Last year, researchers busted the brain’s “content” barrier for the first time. Scientists at Carnegie Mellon University, Pittsburgh, showed people drawings of five tools (drill, hammer, etc) and five dwellings (igloo, castle) and asked them to consider each object. A report in the journal PLoS One says that the fMRI-scanned brain patterns associated with each object were so distinctive that the computer could tell with 78 per cent accuracy which one was on a volunteer’s mind. The patterns were also remarkably similar from one person to another, so science may one day write a mind-reading dictionary that suits most people. The Pittsburgh team is now studying brain patterns that encode abstract ideas, to see if a dictionary can be written covering more complicated concepts.

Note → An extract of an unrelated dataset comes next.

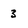
Character: 3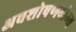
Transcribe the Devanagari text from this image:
अवशोषणयोग्य

Politicians are latching on to brain-scanning’s potential for spotting which of their promises attract voters’ approval. EmSense, a “neuromarketing” company founded in 2004 by seven Massachusetts Institute of Technology graduates, has developed a lightweight EEG headset resembling an Alice band that may show how wearers react to speeches and debates. The company claims it can “accurately and objectively evaluate how voters truly feel, what captures their attention and how candidates can convey their platforms in the most effective and compelling ways”.
But isn’t there a danger that such information might foster unfair bias? Justin Berenbaum, a vice president at EmSense, would not discuss the possibility, saying: “Our work in politics is confidential and we therefore cannot participate.”
The technology’s military potential is also being developed. Researchers at Honeywell Aerospace have created an EEG system that reads defence analysts’ brains as they examine spy-satellite photographs. Because our subconscious brains run significantly faster than our conscious neocortexes, a photo-analyst’s brain can unconsciously register a visual anomaly long before they may become aware of it. Honeywell’s brain scanner issues an alert when it detects neural signals that show the analyst has subconsciously noticed something suspect. Bob Smith, the company’s chief of advanced technology, claims it will make spy-photo analysis up to six times faster, “helping the military keep threats out of harm’s way”.
But most commercial attention is fixed on the premise that brain-scanning can divine truth from falsehood. Dr Steven Laken, the founder of Cephos, a company using fMRI-based lie detection, says more than 300 people have already been tested in the company’s scanner at Framingham, Massachusetts. Laken believes that American judges are on the verge of making scanning tests admissible – despite questions over their accuracy. “We tell people that the test is not 100 per cent. Studies have shown that we are between 78 and 97 per cent accurate. So long as you tell a jury that, it still can be considered as evidence.”